In an example implementation, the network connection interface 412 may be configured as a communication interface, for example, to provide functions for rendering video, graphics, images, text, other information, or any combination thereof on the display. In one example, a communication interface may include a serial port, a parallel port, a general-purpose input and output (GPIO) port, a game port, a universal serial bus (USB), a micro-USB port, a high-definition multimedia (HDMI) port, a video port, an audio port, a Bluetooth port, a near-field communication (NFC) port, another like communication interface, or any combination thereof.

The computing device 600 may include a keyboard interface 606 that provides a communication interface to a keyboard. In one example implementation, the computing device 600 may include a presence sensor interface 608 for interfacing with a pointing device and/or touch screen. According to certain example implementations of the disclosed technology, the presence sensor interface 608 may provide a communication interface to various devices such as a pointing device, a touch screen, a depth camera, etc. which may or may not be associated with a display.

The computing device 600 may be configured to use an input device via one or more of the input/output interfaces (for example, the keyboard interface 606, the display interface 604, the presence sensor interface 608, the network connection interface 612, the camera interface 614, sound interface 616, etc. . . . ) to allow a user to capture information into the computing device 600. The input device may include a mouse, a trackball, a directional pad, a trackpad, a touch-verified trackpad, a presence-sensitive trackpad, a presence-sensitive display, a scroll wheel, a digital camera, a digital video camera, a web camera, a microphone, a sensor such as an accelerometer or gyroscope, a smartcard, iris reader, fingerprint reader, voiceprint reader, and the like. Additionally, the input device may be integrated with the computing device 600 or may be a separate device.

Example implementations of the computing device 600 may include an antenna interface 610 that provides a communication interface to an antenna; a network connection interface 612 that provides a communication interface to a network. In certain implementations, a camera interface 614 is provided for capturing digital images, for example, from a camera. In certain implementations, a sound interface 616 is provided as a communication interface for converting sound into electrical signals using a microphone and for converting electrical signals into sound using a speaker. According to example implementations, a random-access memory (RAM) 618 is provided, where computer instructions and data may be stored in a volatile memory device for processing by the CPU 602.
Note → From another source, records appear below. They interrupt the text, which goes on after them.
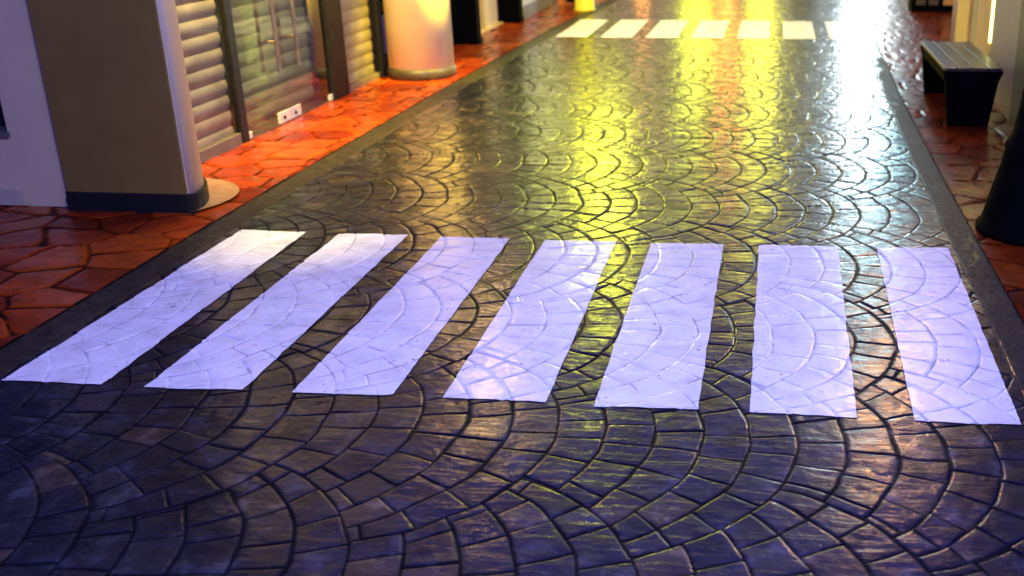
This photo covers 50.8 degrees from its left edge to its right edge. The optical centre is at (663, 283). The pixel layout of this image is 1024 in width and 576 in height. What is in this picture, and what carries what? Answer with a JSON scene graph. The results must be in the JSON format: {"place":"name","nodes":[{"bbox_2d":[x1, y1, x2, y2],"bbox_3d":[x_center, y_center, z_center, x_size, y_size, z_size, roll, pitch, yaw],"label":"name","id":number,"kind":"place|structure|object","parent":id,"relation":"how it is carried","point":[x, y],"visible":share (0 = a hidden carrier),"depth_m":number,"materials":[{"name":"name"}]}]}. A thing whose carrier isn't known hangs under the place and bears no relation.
{"place":"outdoors","nodes":[
{"label":"outdoors","id":0,"kind":"place"},
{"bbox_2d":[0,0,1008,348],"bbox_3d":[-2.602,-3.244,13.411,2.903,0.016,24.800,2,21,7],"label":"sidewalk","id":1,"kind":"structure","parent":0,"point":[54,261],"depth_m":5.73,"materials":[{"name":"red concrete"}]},
{"bbox_2d":[0,0,67,207],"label":"wall","id":2,"kind":"structure","parent":1,"relation":"on","point":[31,172],"depth_m":5.72,"materials":[{"name":"grey paint"}]},
{"bbox_2d":[0,101,5,126],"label":"window pane","id":3,"kind":"structure","parent":2,"relation":"in","point":[2,121],"depth_m":5.86,"materials":[{"name":"glass"}]},
{"bbox_2d":[27,0,209,213],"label":"pillar","id":4,"kind":"structure","parent":1,"relation":"on","point":[114,74],"depth_m":5.56,"materials":[{"name":"beige paint"}]},
{"bbox_2d":[195,178,238,210],"bbox_3d":[-2.646,-0.521,6.078,0.401,0.001,0.784,-10,22,-23],"label":"paving ring","id":5,"kind":"object","parent":1,"relation":"on","point":[221,191],"visible":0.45,"depth_m":6.09,"materials":[{"name":"beige concrete"}]},
{"bbox_2d":[175,0,386,163],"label":"shop front","id":6,"kind":"object","parent":1,"relation":"on","point":[247,63],"visible":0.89,"depth_m":7.85,"materials":[{"name":"brown metal"}]},
{"bbox_2d":[249,0,288,138],"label":"glass door","id":7,"kind":"structure","parent":6,"relation":"in","point":[283,116],"depth_m":7.63,"materials":[{"name":"metal"}]},
{"bbox_2d":[286,0,332,119],"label":"glass door","id":8,"kind":"structure","parent":6,"relation":"in","point":[294,111],"depth_m":7.97,"materials":[{"name":"metal"}]},
{"bbox_2d":[380,0,388,69],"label":"shop front","id":9,"kind":"object","parent":1,"relation":"on","point":[384,32],"depth_m":10.13,"materials":[{"name":"brown metal"}]},
{"bbox_2d":[383,0,456,80],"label":"round column","id":10,"kind":"structure","parent":1,"relation":"on","point":[419,39],"depth_m":9.57,"materials":[{"name":"beige paint"}]},
{"bbox_2d":[450,0,482,44],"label":"black post","id":11,"kind":"object","parent":1,"relation":"on","point":[465,22],"visible":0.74,"depth_m":11.79,"materials":[{"name":"metal"}]},
{"bbox_2d":[479,0,502,33],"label":"door frame","id":12,"kind":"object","parent":1,"relation":"on","point":[488,16],"depth_m":13.21,"materials":[{"name":"beige paint"}]},
{"bbox_2d":[486,0,497,26],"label":"door","id":13,"kind":"structure","parent":12,"relation":"in","point":[491,5],"depth_m":13.38,"materials":[{"name":"beige paint"}]},
{"bbox_2d":[498,0,523,22],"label":"black post","id":14,"kind":"object","parent":1,"relation":"on","point":[510,11],"visible":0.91,"depth_m":13.72,"materials":[{"name":"metal"}]},
{"bbox_2d":[498,0,552,18],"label":"wall","id":15,"kind":"structure","parent":1,"relation":"on","point":[531,7],"depth_m":14.67,"materials":[{"name":"white paint"}]},
{"bbox_2d":[574,0,594,12],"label":"yellow post","id":16,"kind":"object","parent":1,"relation":"on","point":[583,6],"visible":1,"depth_m":14.91,"materials":[{"name":"paint"}]},
{"bbox_2d":[0,0,1023,575],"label":"road","id":17,"kind":"structure","parent":0,"point":[638,144],"depth_m":3.58,"materials":[{"name":"stone"}]},
{"bbox_2d":[2,230,304,383],"bbox_3d":[-2.095,0.043,4.619,0.384,0.006,1.793,2,21,6],"label":"crossing stripe","id":18,"kind":"object","parent":17,"relation":"on","point":[111,344],"visible":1,"depth_m":4.38,"materials":[{"name":"white paint"}]},
{"bbox_2d":[144,233,407,388],"bbox_3d":[-1.565,0.061,4.564,0.364,0.007,1.790,2,21,6],"label":"crossing stripe","id":19,"kind":"object","parent":17,"relation":"on","point":[248,344],"visible":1,"depth_m":4.34,"materials":[{"name":"white paint"}]},
{"bbox_2d":[0,0,617,376],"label":"kerb","id":20,"kind":"structure","parent":17,"relation":"on","point":[33,342],"depth_m":5.40,"materials":[{"name":"concrete"}]},
{"bbox_2d":[292,236,508,394],"bbox_3d":[-1.031,0.077,4.514,0.364,0.006,1.776,2,21,6],"label":"crossing stripe","id":21,"kind":"object","parent":17,"relation":"on","point":[381,347],"visible":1,"depth_m":4.29,"materials":[{"name":"white paint"}]},
{"bbox_2d":[443,240,615,401],"bbox_3d":[-0.495,0.095,4.460,0.372,0.007,1.757,2,21,6],"label":"crossing stripe","id":22,"kind":"object","parent":17,"relation":"on","point":[521,350],"visible":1,"depth_m":4.24,"materials":[{"name":"white paint"}]},
{"bbox_2d":[556,19,607,36],"bbox_3d":[-0.995,-3.200,13.279,0.380,0.006,1.758,2,21,6],"label":"crossing stripe","id":23,"kind":"object","parent":17,"relation":"on","point":[584,27],"visible":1,"depth_m":13.21,"materials":[{"name":"white paint"}]},
{"bbox_2d":[601,20,648,37],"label":"crossing stripe","id":24,"kind":"object","parent":17,"relation":"on","point":[626,28],"visible":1,"depth_m":13.15,"materials":[{"name":"white paint"}]},
{"bbox_2d":[594,243,723,408],"bbox_3d":[0.028,0.113,4.404,0.361,0.007,1.778,2,21,6],"label":"crossing stripe","id":25,"kind":"object","parent":17,"relation":"on","point":[658,357],"visible":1,"depth_m":4.18,"materials":[{"name":"white paint"}]},
{"bbox_2d":[645,20,688,37],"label":"crossing stripe","id":26,"kind":"object","parent":17,"relation":"on","point":[668,28],"visible":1,"depth_m":13.08,"materials":[{"name":"white paint"}]},
{"bbox_2d":[691,20,728,37],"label":"crossing stripe","id":27,"kind":"object","parent":17,"relation":"on","point":[708,29],"visible":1,"depth_m":13.06,"materials":[{"name":"white paint"}]},
{"bbox_2d":[737,21,770,38],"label":"crossing stripe","id":28,"kind":"object","parent":17,"relation":"on","point":[749,29],"visible":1,"depth_m":12.95,"materials":[{"name":"white paint"}]},
{"bbox_2d":[783,21,815,38],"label":"crossing stripe","id":29,"kind":"object","parent":17,"relation":"on","point":[798,29],"visible":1,"depth_m":12.94,"materials":[{"name":"white paint"}]},
{"bbox_2d":[750,245,856,417],"bbox_3d":[0.568,0.128,4.357,0.385,0.006,1.795,2,21,6],"label":"crossing stripe","id":30,"kind":"object","parent":17,"relation":"on","point":[801,359],"visible":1,"depth_m":4.14,"materials":[{"name":"white paint"}]},
{"bbox_2d":[824,21,862,39],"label":"crossing stripe","id":31,"kind":"object","parent":17,"relation":"on","point":[841,30],"visible":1,"depth_m":12.91,"materials":[{"name":"white paint"}]},
{"bbox_2d":[855,0,1023,394],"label":"kerb","id":32,"kind":"structure","parent":17,"relation":"on","point":[1001,314],"depth_m":5.41,"materials":[{"name":"concrete"}]},
{"bbox_2d":[877,247,1020,423],"bbox_3d":[1.106,0.140,4.318,0.372,0.006,1.832,2,21,6],"label":"crossing stripe","id":33,"kind":"object","parent":17,"relation":"on","point":[951,371],"visible":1,"depth_m":4.07,"materials":[{"name":"white paint"}]},
{"bbox_2d":[558,0,574,5],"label":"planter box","id":34,"kind":"object","parent":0,"point":[567,2],"visible":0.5,"depth_m":15.72,"materials":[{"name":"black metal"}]},
{"bbox_2d":[908,0,953,11],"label":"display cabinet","id":35,"kind":"object","parent":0,"point":[930,5],"visible":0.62,"depth_m":14.70,"materials":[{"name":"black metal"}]},
{"bbox_2d":[864,0,1023,320],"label":"sidewalk","id":36,"kind":"structure","parent":0,"point":[967,160],"depth_m":7.56,"materials":[{"name":"red stone"}]},
{"bbox_2d":[920,41,1003,126],"bbox_3d":[2.287,-1.572,8.273,0.422,0.432,1.400,2,21,6],"label":"bench","id":37,"kind":"object","parent":36,"relation":"on","point":[964,77],"visible":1,"depth_m":7.67,"materials":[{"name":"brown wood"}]},
{"bbox_2d":[950,0,1023,126],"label":"panelled wall","id":38,"kind":"structure","parent":36,"relation":"on","point":[993,30],"depth_m":8.40,"materials":[{"name":"grey paint"}]},
{"bbox_2d":[975,87,1023,246],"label":"lamp post","id":39,"kind":"object","parent":36,"relation":"on","point":[1000,218],"visible":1,"depth_m":5.19,"materials":[{"name":"black metal"}]}
]}

According to an example implementation, the computing device 600 includes a read-only memory (ROM) 620 where invariant low-level system code or data for basic system functions such as basic input and output (I/O), startup, or reception of keystrokes from a keyboard are stored in a non-volatile memory device. According to an example implementation, the computing device 600 includes a storage medium 622 or another suitable type of memory (e.g. such as RAM, ROM, programmable read-only memory (PROM), erasable programmable read-only memory (EPROM), electrically erasable programmable read-only memory (EEPROM), magnetic disks, optical disks, floppy disks, hard disks, removable cartridges, flash drives), where the files include an operating system 624, application programs 626 (including, for example, a web browser application, an invoice extraction module, etc.) and data files 628 are stored. According to an example implementation, the computing device 600 includes a power source 630 that provides an appropriate alternating current (AC) or direct current (DC) to power components. According to an example implementation, the computing device 600 may include a telephony subsystem 632 that allows the device 600 to transmit and receive sound over a telephone network. The constituent devices and the CPU 602 communicate with each other over a bus 634.

In accordance with an example implementation, the CPU 602 has an appropriate structure to be a computer processor. In one arrangement, the computer CPU 602 may include more than one processing unit. The RAM 618 interfaces with the computer bus 634 to provide quick RAM storage to the CPU 602 during the execution of software programs such as the operating system application programs, and device drivers. More specifically, the CPU 602 loads computer-executable process steps from the storage medium 622 or other media into a field of the RAM 618 in order to execute software programs. Data may be stored in RAM 618, where the data may be accessed by the computer CPU 602 during execution. In one example configuration, the device 600 includes at least 128 MB of RAM, and 256 MB of flash memory.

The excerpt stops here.